As jobs have shifted from the manufacturing sector, where unions were strong, to nonunionized service and high-tech industries, organized labor has struggled -- and lost steadily as a percentage of the workforce.

So instead of organizing at the workplace, Working America reaches out to people in their neighborhoods. On a typical evening, Nussbaum said, she has about 150 paid organizers going door to door in working-class communities, often in the suburbs and exurbs.

Using lists of union members, they skip the households that are already unionized and knock on the doors of their neighbors. The message: We know you're not part of a union, but you probably have the same concerns we do about jobs and schools and health care. We work on all those issues. Would you like to become an individual member of the AFL-CIO?

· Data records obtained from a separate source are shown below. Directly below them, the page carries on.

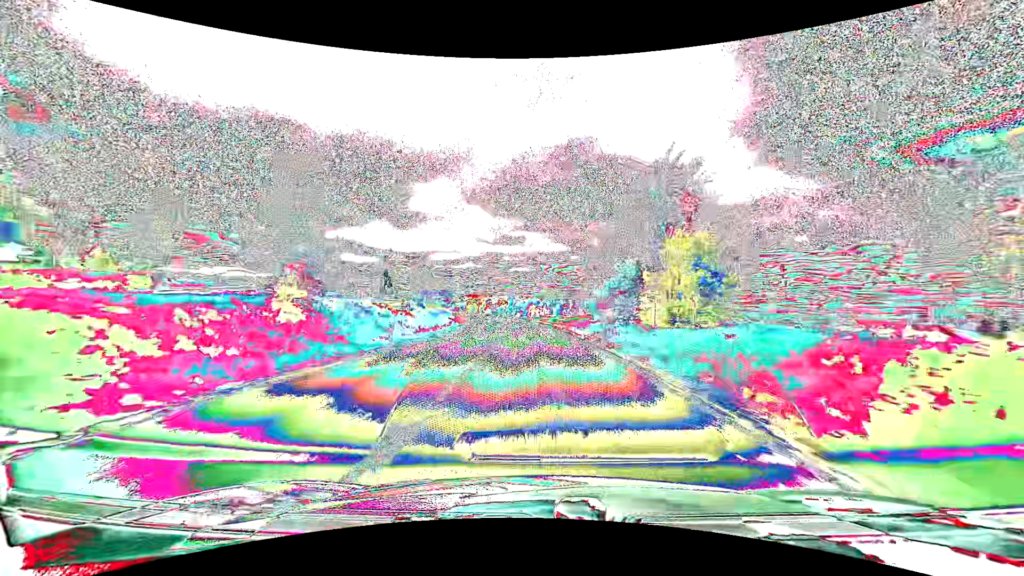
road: primary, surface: asphalt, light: Day
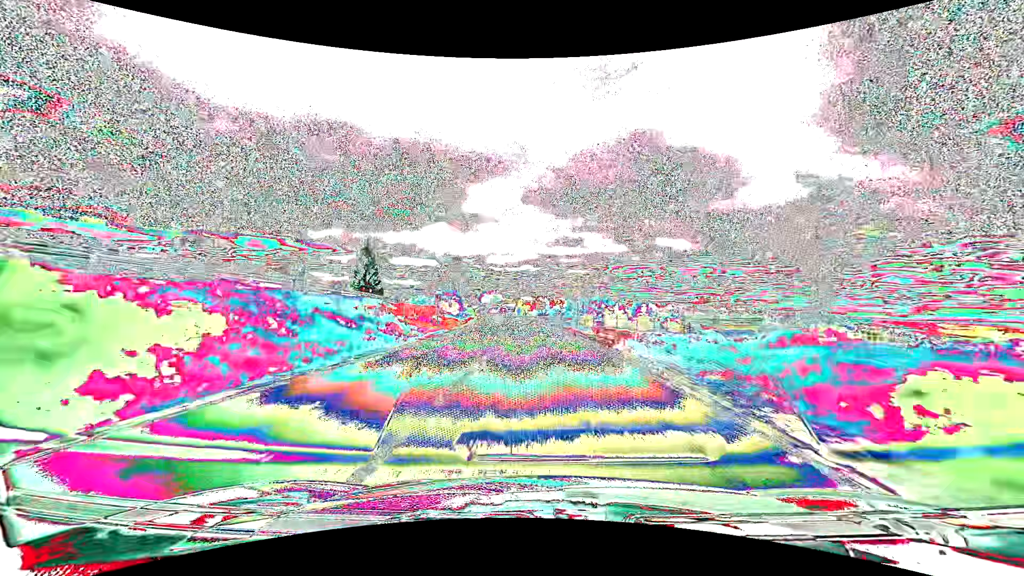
(-4.0, +72.7) m; -7°
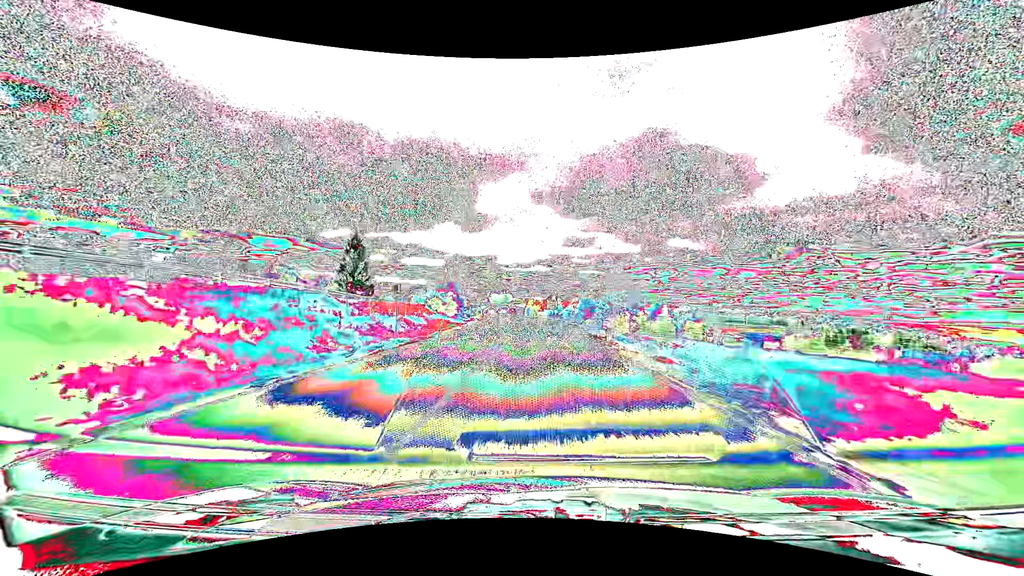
(-0.2, +14.5) m; -1°
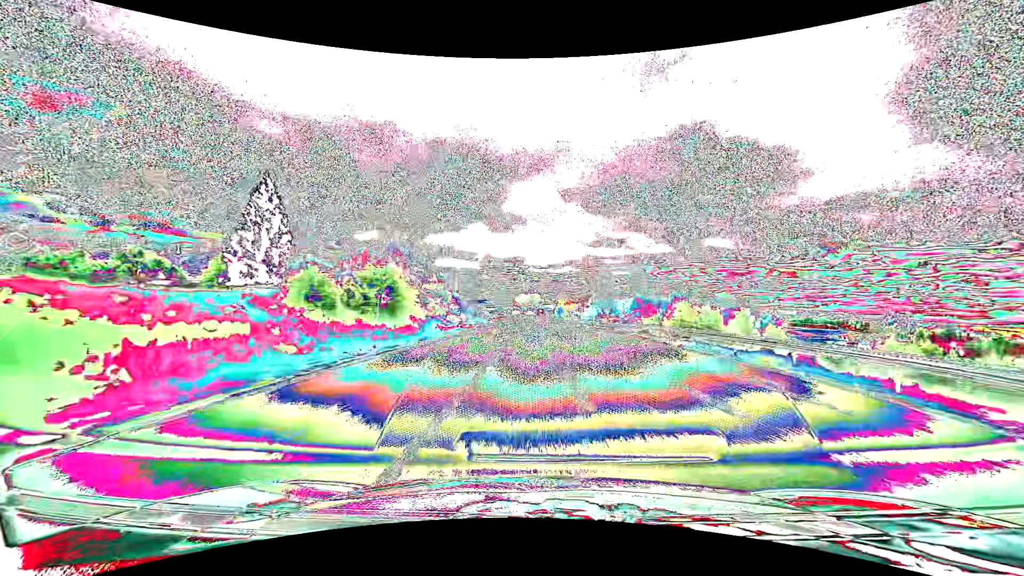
(-1.4, +43.8) m; -3°
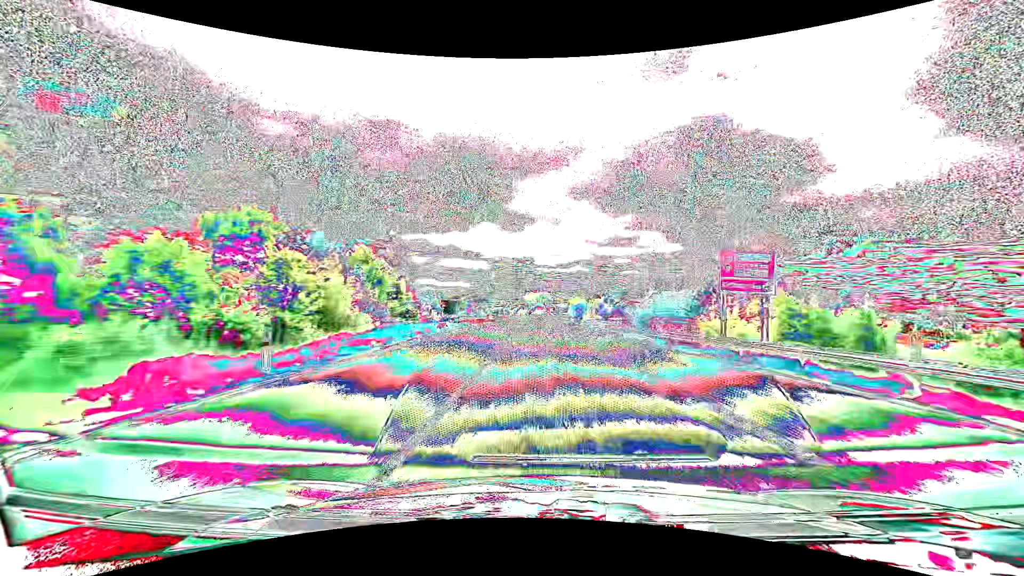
(-0.7, +44.3) m; -1°
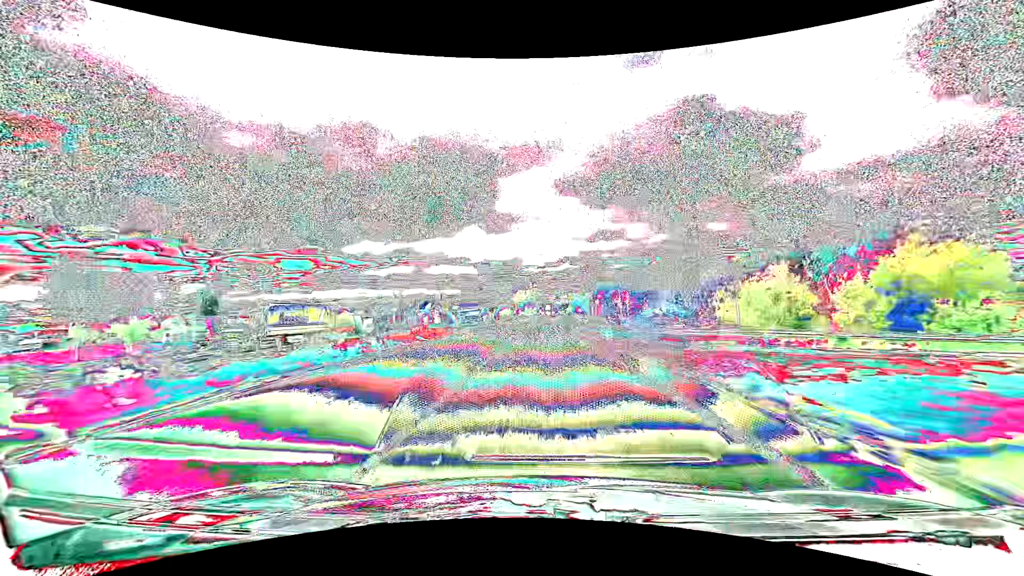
(+0.3, +74.8) m; +1°
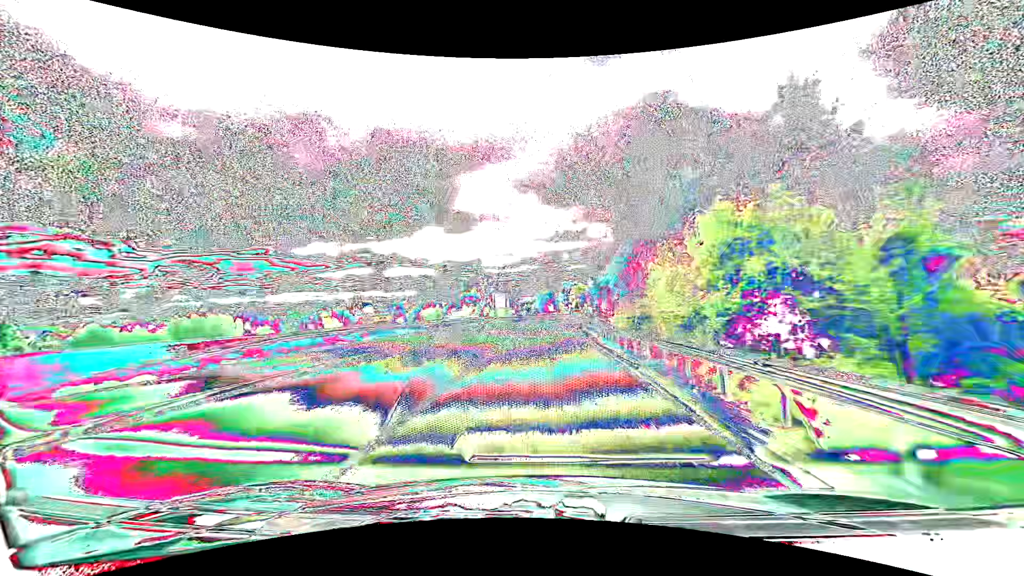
(+2.5, +76.0) m; +5°
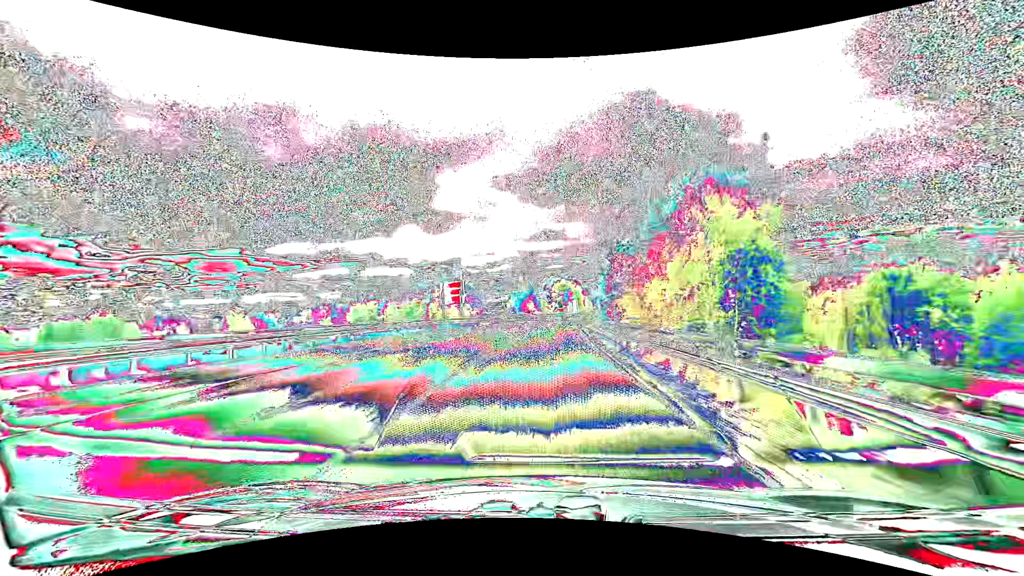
(+0.6, +30.7) m; +2°
(0, +10) (0, +20) (+1, +30) (+1, +40) (+2, +50) (+2, +60) (+3, +70) (+4, +80) (+5, +90) (+7, +100) m

"Astonishingly," Nussbaum said, "two out of three people we talk to join." And they are immediately recruited to write a letter to a member of Congress or some other official on an issue about which the labor federation is lobbying. "One out of five writes to their congressman that night," she said.

A profile of the Working America members shows that two-thirds of them do not have a college degree, two in five attend church at least weekly and one-third own guns. Half are neither strong Democrats nor strong Republicans.

Dues are voluntary but have totaled more than $1 million, Nussbaum said, with most of the funding for Working America coming from the AFL-CIO treasury.